EXERCISE INSTRUCTIONS. When you reach the line with "loose? A: Loose." in the listing below, write out that line and every one after it exactly, and skip the pictures.

SUPPLIED DATA.
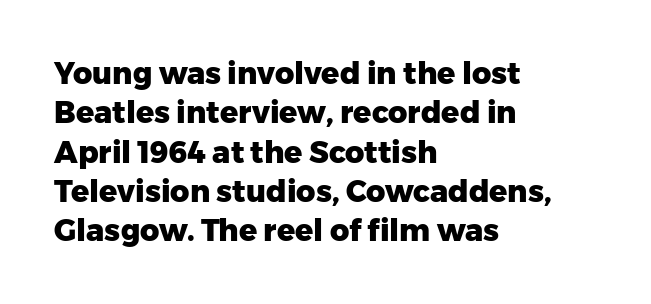
{"serif": "no", "italic": "no", "bold": "yes", "weight": "heavy", "width": "normal", "stroke_contrast": "low", "x_height": "medium", "monospaced": "no", "underline": "no", "align": "left", "line_spacing": "normal", "line_spacing_ratio": 1.31, "letter_spacing": "normal", "letter_spacing_em": 0.0, "glyph_px": 30}
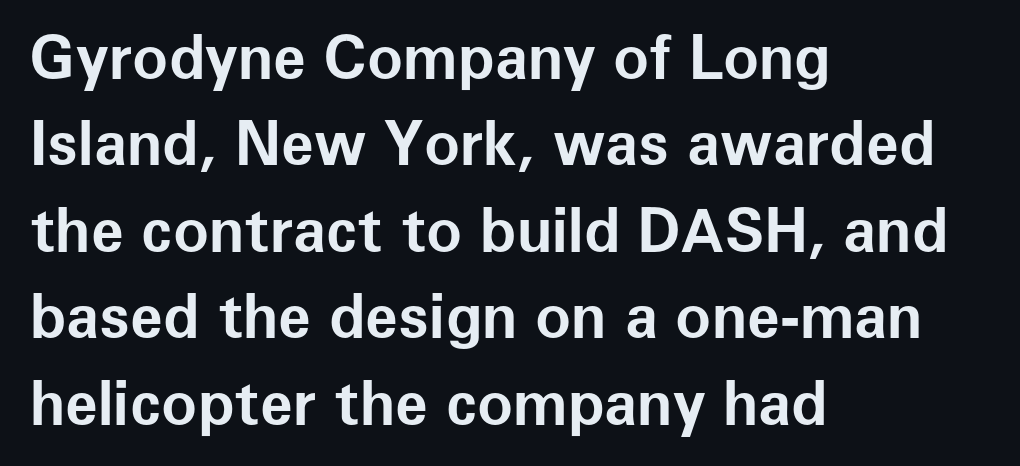
Q: Is the text bold? A: Yes.
Q: Is the text italic (slanted)? A: No, it is upright.
Q: Is the typeface a serif or a sans-serif typeface? A: Sans-serif.
Q: Is the text underlined? A: No.
Q: How is the paragraph aligned? A: Left-aligned.
Q: Is the spacing between letters normal or unusually wide? A: Normal.
Q: Is the spacing between lines tight, normal or loose? A: Normal.
Q: Width (condensed, normal, or wide)? A: Normal.
Q: Stroke contrast? A: Low.
Q: x-height? A: Medium.
Q: Monospaced? A: No.
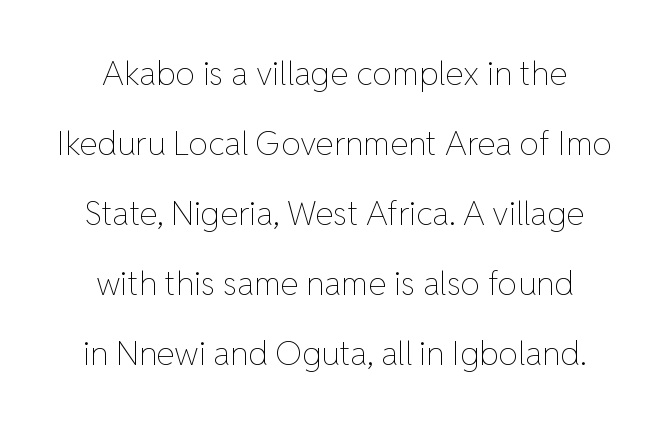
Q: Is the text bold? A: No.
Q: Is the text italic (slanted)? A: No, it is upright.
Q: Is the text underlined? A: No.
Q: How is the paragraph aligned? A: Centered.
Q: Is the spacing between letters normal or unusually wide? A: Normal.
Q: Is the spacing between lines tight, normal or loose? A: Loose.
Q: Width (condensed, normal, or wide)? A: Normal.
Q: Stroke contrast? A: Low.
Q: x-height? A: Medium.
Q: Monospaced? A: No.
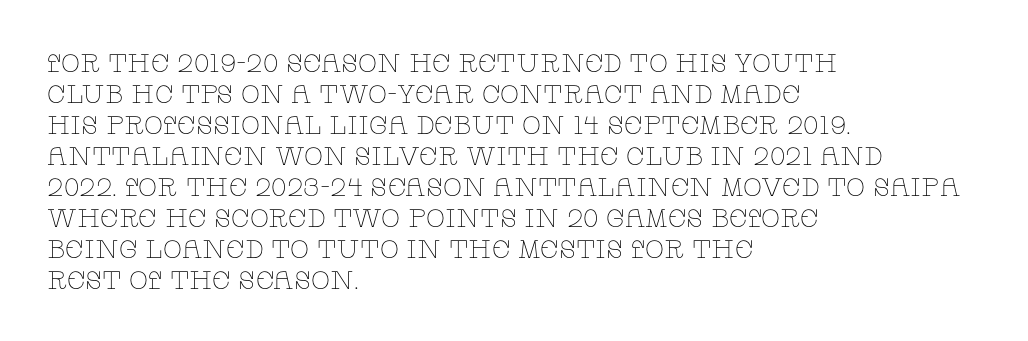
A light-to-regular cut is what we see here. Clear beneath every line of the passage. Vertical strokes here are truly vertical. The passage shown has conventional tracking throughout. Leftover space on each line is placed entirely after the last word.
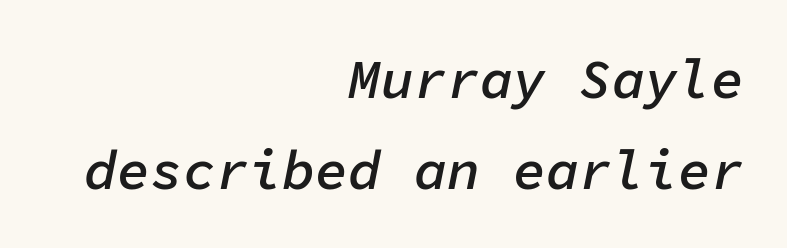
The image shows 55 px semibold type, italic (leaning right), monospaced; set right-aligned, normal line spacing (1.65x), normal letter spacing, not underlined; low stroke contrast and a medium x-height.
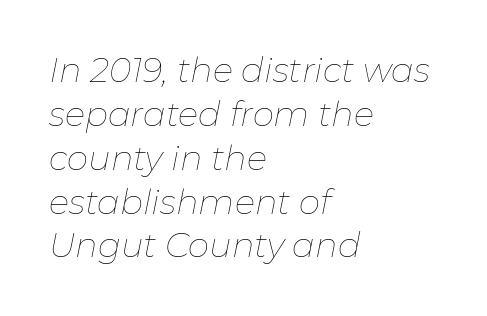
The image shows 34 px thin type, italic (leaning right); set left-aligned, normal line spacing (1.29x), normal letter spacing, not underlined; low stroke contrast and a medium x-height.
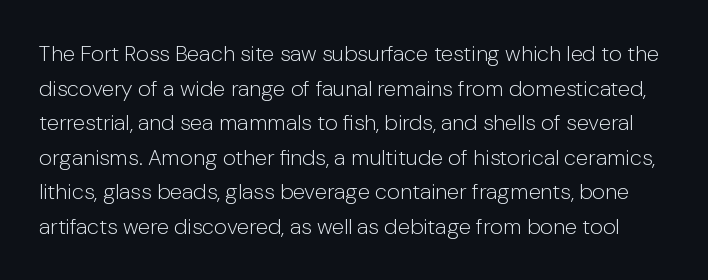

YOUR RESPONSE.
Q: Is the spacing between lines tight, normal or loose? A: Loose.
Q: Width (condensed, normal, or wide)? A: Normal.
Q: Stroke contrast? A: Low.
Q: x-height? A: Medium.
Q: Monospaced? A: No.
A light-to-regular cut is what we see here. Clear beneath every line of the passage. Vertical strokes here are truly vertical. The passage shown has conventional tracking throughout. Leftover space on each line is placed entirely after the last word.
The image shows 55 px semibold type, italic (leaning right), monospaced; set right-aligned, normal line spacing (1.65x), normal letter spacing, not underlined; low stroke contrast and a medium x-height.
The image shows 34 px thin type, italic (leaning right); set left-aligned, normal line spacing (1.29x), normal letter spacing, not underlined; low stroke contrast and a medium x-height.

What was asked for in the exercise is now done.